Za nami inauguracja III ligi kujawsko-pomorsko-wielkopolskiej. Toruńska Elana w pierwszym starciu sezonu zremisowała z triumfatorem ubiegłego sezonu – Wartą Poznań
Początek spotkania był bardzo udany dla torunian. Bramka dla Elany padła już w 19 minucie. Na listę strzelców wpisał się Krystian Tomaszewski. Całość zaczęła się od odbioru piłki w środku pola, kilku udanych podań i w końcu zdobyciem bramki. Z czasem poznańska Warta radziła sobie co raz lepiej. Do przerwy wynik, jednak nie uległ zmianie.
W drugiej części znaczną kontrolę nad meczem objęli poznanianie. Swoje starania uwieńczyli bramką zdobytą w 60 minucie. Po precyzyjnym dośrodkowaniu, piłkę głową do siatki skierował Jakub Solarek. Warta odnotowania jest również postawa arbitrów. Kuriozalny błąd popełnił sędzia techniczny. W momencie przeprowadzanych zmian w toruńskiej ekipie, boisko powinien opuścić Michał Marszałek. Tak się jednak nie stało. Sędzia techniczny, mimo to pozwolił na wznowienie gry. W efekcie czego, Elana niecałą minutę grała w 12. Sytuacja wzbudziła kontrowersje oraz zamieszanie. Nim plac gry opuścił wreszcie Marszałek, dostał jeszcze żółtą kartkę.
Pechowo spotkanie zakończył bramkarz toruńskiej Elany – Daniel Osiecki. W ostatnich minutach gry doznał kontuzji, która wykluczyła go z dalszej gry. Między słupkami stanął Krystian Tomaszewski. Osłabienia w toruńskim zespole, nie wykorzystali jednak poznanianie. Spotkanie zakończyło się wynikiem 1:1.

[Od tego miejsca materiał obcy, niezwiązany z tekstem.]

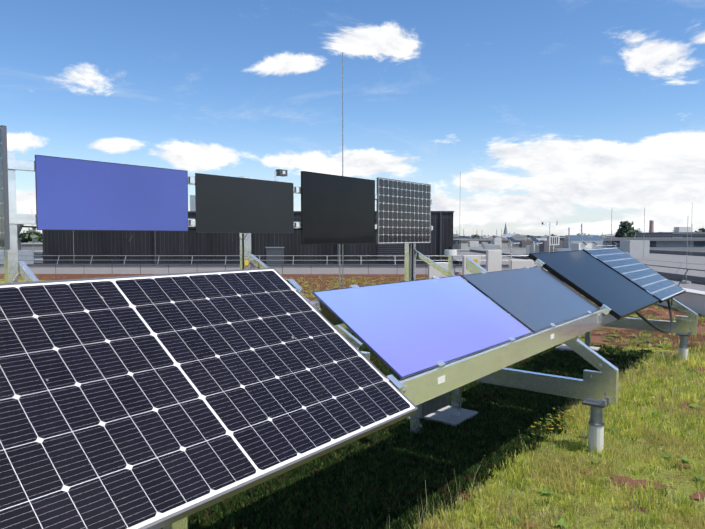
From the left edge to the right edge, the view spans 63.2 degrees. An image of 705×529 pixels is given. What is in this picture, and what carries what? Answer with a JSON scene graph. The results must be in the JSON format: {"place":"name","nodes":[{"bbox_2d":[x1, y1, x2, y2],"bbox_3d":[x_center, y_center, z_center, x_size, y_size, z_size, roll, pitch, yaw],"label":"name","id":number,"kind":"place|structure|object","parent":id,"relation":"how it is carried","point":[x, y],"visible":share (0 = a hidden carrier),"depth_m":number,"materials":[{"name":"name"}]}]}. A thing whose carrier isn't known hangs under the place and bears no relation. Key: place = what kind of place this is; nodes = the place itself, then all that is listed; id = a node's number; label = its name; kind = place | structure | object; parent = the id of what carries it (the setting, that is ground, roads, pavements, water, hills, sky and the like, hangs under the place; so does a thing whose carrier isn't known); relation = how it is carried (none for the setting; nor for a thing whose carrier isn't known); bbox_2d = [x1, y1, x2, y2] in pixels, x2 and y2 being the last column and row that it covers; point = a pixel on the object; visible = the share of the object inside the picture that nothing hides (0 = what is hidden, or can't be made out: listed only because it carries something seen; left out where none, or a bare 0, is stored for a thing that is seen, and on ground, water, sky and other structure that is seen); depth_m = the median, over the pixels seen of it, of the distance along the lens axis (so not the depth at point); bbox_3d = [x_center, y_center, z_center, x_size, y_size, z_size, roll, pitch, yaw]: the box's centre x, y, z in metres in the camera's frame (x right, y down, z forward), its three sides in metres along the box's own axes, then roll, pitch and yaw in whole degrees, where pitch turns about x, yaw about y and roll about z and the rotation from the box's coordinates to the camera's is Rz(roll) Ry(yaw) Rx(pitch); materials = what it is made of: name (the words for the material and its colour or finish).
{"place":"outdoors","nodes":[
{"label":"outdoors","id":0,"kind":"place"},
{"bbox_2d":[0,274,704,528],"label":"roof","id":1,"kind":"structure","parent":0,"point":[677,477],"depth_m":4.22,"materials":[{"name":"plant"}]},
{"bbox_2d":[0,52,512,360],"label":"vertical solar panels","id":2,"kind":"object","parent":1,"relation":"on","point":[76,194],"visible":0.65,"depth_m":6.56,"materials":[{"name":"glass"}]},
{"bbox_2d":[0,246,697,528],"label":"tilted solar panels","id":3,"kind":"object","parent":1,"relation":"on","point":[166,401],"visible":1,"depth_m":2.14,"materials":[{"name":"glass"}]},
{"bbox_2d":[0,255,704,314],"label":"roof parapets","id":4,"kind":"object","parent":1,"relation":"on","point":[693,300],"visible":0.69,"depth_m":26.11,"materials":[{"name":"white paint"}]},
{"bbox_2d":[428,221,564,282],"bbox_3d":[6.281,-0.524,21.724,6.272,2.350,3.291,-1,3,-17],"label":"weather station","id":5,"kind":"object","parent":1,"relation":"on","point":[493,260],"visible":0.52,"depth_m":21.48,"materials":[{"name":"white paint"}]},
{"bbox_2d":[575,307,704,499],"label":"red sedum patches","id":6,"kind":"object","parent":1,"relation":"on","point":[630,481],"visible":0.17,"depth_m":8.04,"materials":[{"name":"red plant"}]},
{"bbox_2d":[0,0,704,235],"label":"sky","id":7,"kind":"structure","parent":0,"point":[571,113],"materials":[{"name":"blue"}]},
{"bbox_2d":[77,274,704,528],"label":"roof grass","id":8,"kind":"structure","parent":0,"point":[286,500],"depth_m":4.30,"materials":[{"name":"green plant"}]},
{"label":"ground","id":9,"kind":"structure","parent":0,"visible":0},
{"bbox_2d":[18,228,42,242],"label":"tree","id":10,"kind":"object","parent":9,"relation":"on","point":[26,236],"visible":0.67,"depth_m":257.88,"materials":[{"name":"green plant"}]},
{"bbox_2d":[42,195,453,263],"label":"black building","id":11,"kind":"structure","parent":9,"relation":"on","point":[93,242],"depth_m":36.10,"materials":[{"name":"grey metal"}]},
{"bbox_2d":[21,229,635,249],"bbox_3d":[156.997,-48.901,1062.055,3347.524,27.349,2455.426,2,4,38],"label":"city skyline","id":12,"kind":"structure","parent":9,"relation":"on","point":[463,239],"depth_m":179.90,"materials":[{"name":"grey"}]},
{"bbox_2d":[34,227,704,263],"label":"blocks","id":13,"kind":"structure","parent":9,"relation":"on","point":[678,238],"depth_m":94.45,"materials":[{"name":"grey concrete"}]},
{"bbox_2d":[470,234,482,237],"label":"tree","id":14,"kind":"object","parent":9,"relation":"on","point":[476,236],"visible":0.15,"depth_m":498.10,"materials":[{"name":"green plant"}]},
{"bbox_2d":[464,220,653,235],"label":"landmarks","id":15,"kind":"object","parent":9,"relation":"on","point":[651,226],"visible":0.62,"depth_m":515.19,"materials":[{"name":"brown brick"}]},
{"bbox_2d":[453,247,704,290],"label":"adjacent roofs","id":16,"kind":"structure","parent":9,"relation":"on","point":[672,258],"depth_m":40.90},
{"bbox_2d":[0,224,33,263],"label":"building","id":17,"kind":"structure","parent":16,"relation":"on","point":[28,259],"depth_m":31.18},
{"bbox_2d":[32,172,692,283],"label":"lightning rods","id":18,"kind":"object","parent":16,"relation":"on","point":[682,282],"visible":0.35,"depth_m":25.90,"materials":[{"name":"metal"}]},
{"bbox_2d":[468,224,649,256],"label":"rooftop ventilation units","id":19,"kind":"object","parent":16,"relation":"on","point":[633,248],"visible":0.6,"depth_m":49.90,"materials":[{"name":"white paint"},{"name":"galvanized steel"},{"name":"grey metal"}]},
{"bbox_2d":[471,243,704,273],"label":"neighbour guard rails","id":20,"kind":"object","parent":16,"relation":"on","point":[615,244],"visible":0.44,"depth_m":47.59,"materials":[{"name":"silver metal"}]},
{"bbox_2d":[615,221,636,237],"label":"tree","id":21,"kind":"object","parent":9,"relation":"on","point":[626,229],"visible":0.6,"depth_m":326.07,"materials":[{"name":"green plant"}]}
]}

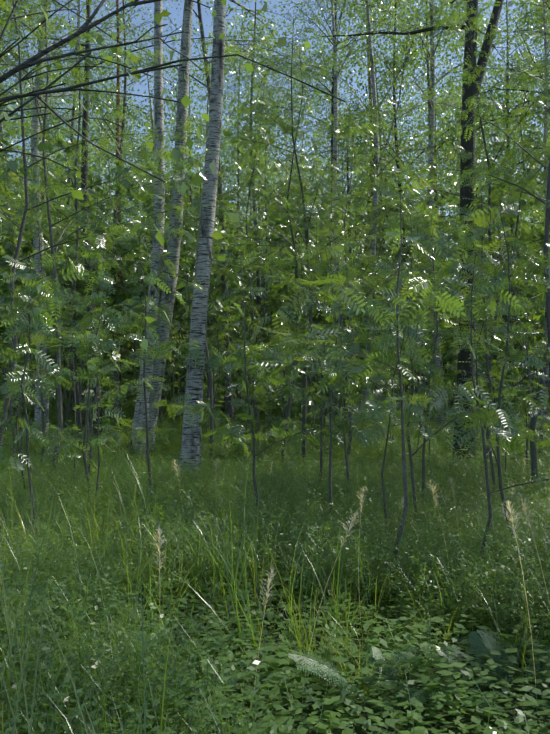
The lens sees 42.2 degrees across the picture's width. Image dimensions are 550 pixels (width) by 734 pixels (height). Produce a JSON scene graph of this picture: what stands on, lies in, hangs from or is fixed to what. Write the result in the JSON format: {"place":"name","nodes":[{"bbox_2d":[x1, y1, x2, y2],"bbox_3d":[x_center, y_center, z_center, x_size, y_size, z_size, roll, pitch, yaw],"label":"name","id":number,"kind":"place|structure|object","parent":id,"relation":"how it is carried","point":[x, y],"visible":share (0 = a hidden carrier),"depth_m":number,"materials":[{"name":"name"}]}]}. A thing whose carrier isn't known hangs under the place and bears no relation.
{"place":"outdoors","nodes":[
{"label":"outdoors","id":0,"kind":"place"},
{"bbox_2d":[0,393,549,733],"bbox_3d":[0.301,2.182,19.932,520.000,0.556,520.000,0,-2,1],"label":"ground","id":1,"kind":"structure","parent":0,"point":[512,713],"depth_m":3.54,"materials":[{"name":"green plant"}]},
{"bbox_2d":[0,0,549,490],"bbox_3d":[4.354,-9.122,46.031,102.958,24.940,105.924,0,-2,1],"label":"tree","id":2,"kind":"object","parent":1,"relation":"on","point":[194,390],"depth_m":21.72,"materials":[{"name":"green plant"}]},
{"bbox_2d":[0,388,549,733],"bbox_3d":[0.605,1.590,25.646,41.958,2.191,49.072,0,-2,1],"label":"vegetation","id":3,"kind":"object","parent":1,"relation":"on","point":[307,486],"visible":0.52,"depth_m":4.57,"materials":[{"name":"green plant"}]},
{"bbox_2d":[0,0,549,605],"bbox_3d":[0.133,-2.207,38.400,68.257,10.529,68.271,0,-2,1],"label":"sapling stems","id":4,"kind":"object","parent":1,"relation":"on","point":[80,396],"visible":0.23,"depth_m":10.71,"materials":[{"name":"green plant"}]},
{"bbox_2d":[0,0,549,504],"bbox_3d":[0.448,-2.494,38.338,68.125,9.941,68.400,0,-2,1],"label":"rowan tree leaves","id":5,"kind":"object","parent":4,"relation":"attached to","point":[414,322],"visible":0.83,"depth_m":11.40,"materials":[{"name":"green plant"}]},
{"bbox_2d":[0,383,549,733],"bbox_3d":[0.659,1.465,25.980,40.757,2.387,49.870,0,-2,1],"label":"grass tufts","id":6,"kind":"object","parent":1,"relation":"on","point":[139,581],"visible":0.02,"depth_m":4.13,"materials":[{"name":"green plant"}]},
{"bbox_2d":[0,435,549,732],"bbox_3d":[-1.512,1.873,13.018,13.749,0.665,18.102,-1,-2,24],"label":"plants","id":7,"kind":"object","parent":1,"relation":"on","point":[478,641],"visible":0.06,"depth_m":3.38,"materials":[{"name":"green plant"}]},
{"bbox_2d":[0,442,549,721],"bbox_3d":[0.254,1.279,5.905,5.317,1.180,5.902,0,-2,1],"label":"grass panicles","id":8,"kind":"object","parent":1,"relation":"on","point":[350,526],"depth_m":3.48,"materials":[{"name":"beige plant"}]},
{"bbox_2d":[0,0,549,391],"label":"sky","id":9,"kind":"structure","parent":0,"point":[206,20],"materials":[{"name":"blue"}]}
]}

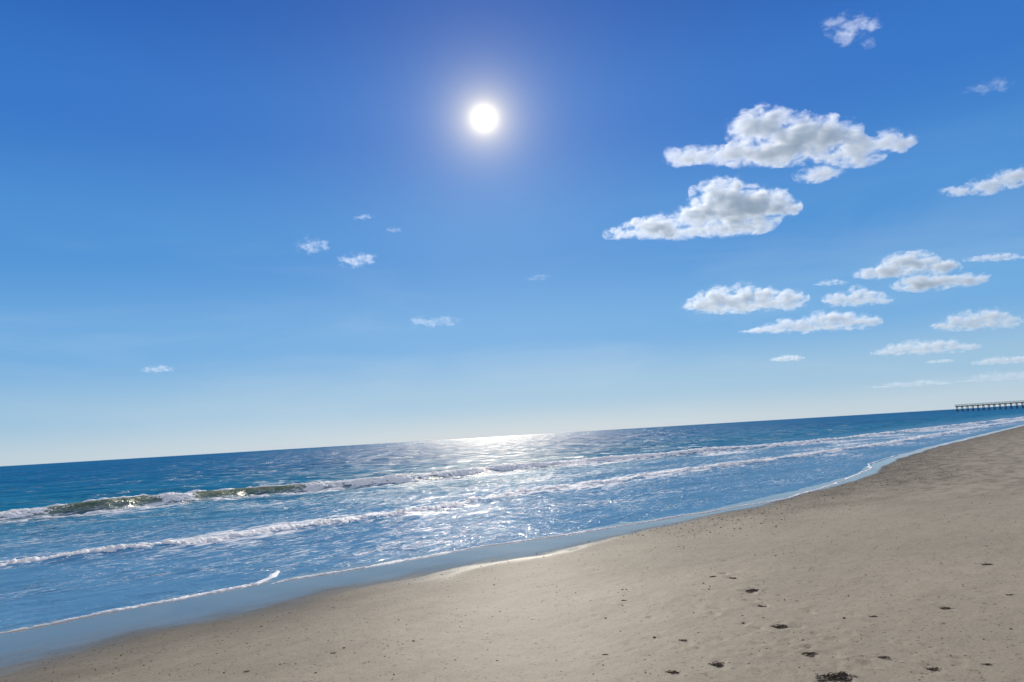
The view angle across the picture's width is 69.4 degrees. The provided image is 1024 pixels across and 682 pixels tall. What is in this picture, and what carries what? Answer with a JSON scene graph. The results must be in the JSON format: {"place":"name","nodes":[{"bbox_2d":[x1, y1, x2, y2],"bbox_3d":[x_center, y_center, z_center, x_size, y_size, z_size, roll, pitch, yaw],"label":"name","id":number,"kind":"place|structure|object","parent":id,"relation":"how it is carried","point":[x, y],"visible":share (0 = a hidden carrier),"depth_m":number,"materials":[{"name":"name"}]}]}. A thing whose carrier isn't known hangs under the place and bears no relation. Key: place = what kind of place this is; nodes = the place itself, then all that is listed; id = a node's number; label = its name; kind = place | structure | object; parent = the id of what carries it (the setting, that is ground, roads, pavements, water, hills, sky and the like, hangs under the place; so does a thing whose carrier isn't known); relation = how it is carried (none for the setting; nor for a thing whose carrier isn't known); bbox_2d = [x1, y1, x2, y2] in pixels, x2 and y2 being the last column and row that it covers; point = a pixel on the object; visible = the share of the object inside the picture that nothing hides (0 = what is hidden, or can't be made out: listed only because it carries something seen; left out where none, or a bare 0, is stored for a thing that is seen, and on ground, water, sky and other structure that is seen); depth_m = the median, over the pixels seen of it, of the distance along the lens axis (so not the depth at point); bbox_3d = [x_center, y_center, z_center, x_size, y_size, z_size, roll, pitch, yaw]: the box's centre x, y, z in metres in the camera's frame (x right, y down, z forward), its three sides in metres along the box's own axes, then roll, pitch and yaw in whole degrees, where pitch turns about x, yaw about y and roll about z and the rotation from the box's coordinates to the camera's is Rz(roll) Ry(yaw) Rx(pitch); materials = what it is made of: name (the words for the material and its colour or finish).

–Trochę bojaźliwie podeszliśmy do drugiej połowy. Byliśmy jakby przerażeni tym, że możemy sprawić niespodziankę. Trzeba jednak przyznać, że drużyna Warty bardzo fajnie prowadziła grę. Na przyszłość będziemy bardziej uważać z pozytywnym nastawieniem, tak by skupić się na grze – powiedział kapitan toruńskiej drużyny, Dawid Zamiatowski.
Torunianie po pierwszej kolejce zajmują szóstą lokatę w tabeli rozgrywek. Następny pojedynek czeka żólto-niebieskich już 15 sierpnia ze Spartą Brodnica.
– Zdawałem sobie sprawę z jak mocnym zespołem będziemy dziś grali. Z przekroju całego meczu, pierwsza połowa była bardzo dobra w naszym wykonaniu. Mieliśmy sytuacje, wykorzystaliśmy jedną z nich. Szanujemy ten wynik i wiemy na co nas stać w tej chwili. Najgorszą dla nas wiadomością jest uraz Daniela Osieckiego, który może zostać wykluczony z gry nawet na kilka miesięcy – podsumowuje trener Elany, Krzysztof Jabłoński.